Berlin Typography is a project dedicated to celebrating the incredible range of sign-based type that proliferates throughout the German capital. It reveals an astounding range of typefaces, ranging from traditional blackletter to midcentury sans-serifs to a bewildering spread of outliers (with a particular soft spot for cursive neon, a signature Berlin aesthetic if there ever was one). 

The project’s tagline, “Words and the City”, evokes the corporeal nature of urban signage, with numerous pictures revealing the particular detail given to punctuation, umlauts, and the uniquely German Eszett (ß). Other pictures show letters locked in a slow-motion struggle with the physical world: suffering from shifting foundations, cracked masonry, or water damage, or forced to defend themselves (with a wild array of spikes) against the ever-present threat of pigeons.

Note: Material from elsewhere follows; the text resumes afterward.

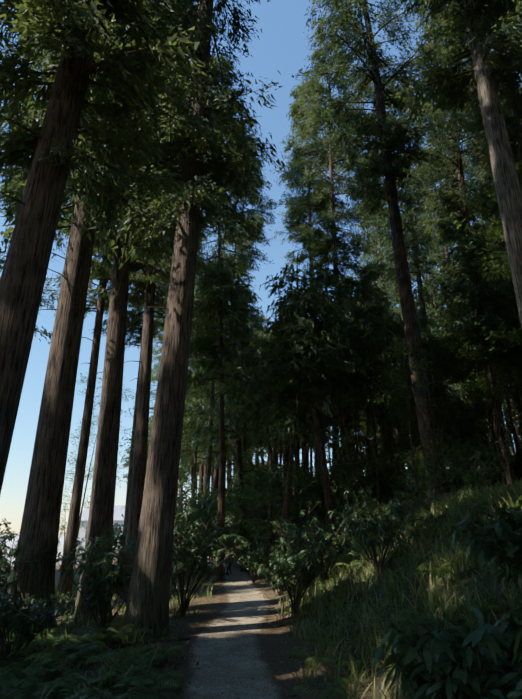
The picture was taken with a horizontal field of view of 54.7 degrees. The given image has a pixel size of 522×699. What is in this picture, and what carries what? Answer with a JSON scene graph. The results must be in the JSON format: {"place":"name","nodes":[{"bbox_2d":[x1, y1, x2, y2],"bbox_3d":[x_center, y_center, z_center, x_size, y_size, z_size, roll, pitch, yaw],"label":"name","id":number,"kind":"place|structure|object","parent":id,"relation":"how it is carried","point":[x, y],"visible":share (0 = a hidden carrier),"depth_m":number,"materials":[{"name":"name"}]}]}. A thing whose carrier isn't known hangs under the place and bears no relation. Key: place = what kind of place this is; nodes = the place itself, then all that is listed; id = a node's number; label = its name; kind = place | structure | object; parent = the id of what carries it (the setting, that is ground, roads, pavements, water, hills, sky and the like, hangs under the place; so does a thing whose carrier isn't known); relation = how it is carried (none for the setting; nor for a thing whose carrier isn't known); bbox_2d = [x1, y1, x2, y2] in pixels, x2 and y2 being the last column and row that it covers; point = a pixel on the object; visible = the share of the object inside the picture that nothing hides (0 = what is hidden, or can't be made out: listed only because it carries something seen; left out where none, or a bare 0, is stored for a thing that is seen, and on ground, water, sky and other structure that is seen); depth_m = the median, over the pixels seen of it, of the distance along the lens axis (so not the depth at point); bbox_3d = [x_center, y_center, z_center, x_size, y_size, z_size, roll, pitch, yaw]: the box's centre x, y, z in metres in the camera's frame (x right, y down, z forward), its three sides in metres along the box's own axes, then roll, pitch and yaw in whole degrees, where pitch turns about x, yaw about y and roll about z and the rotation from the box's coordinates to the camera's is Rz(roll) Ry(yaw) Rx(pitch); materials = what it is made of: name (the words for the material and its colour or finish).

In a longer-term sense, though, the same combination of forces that nearly destroyed Berlin in the first half of the 20th century kept it remarkably well-preserved through the second, and it remains an incredible source of material for intrepid urban typographers. The project’s curators describe the broad appeal of Berlin’s signage (with a growing legion of fans both local and international) in similar terms:

Berlin has a fairly extraordinary past, and the typography of the city offers an unconventional, but also quite immediate window onto its history. People are also responding to the beauty of these artefacts; they’re easily lost among the visual clutter and general bustle of the city, but by collecting the images and presenting them one at a time, there is greater opportunity to appreciate the typographic artistry on display.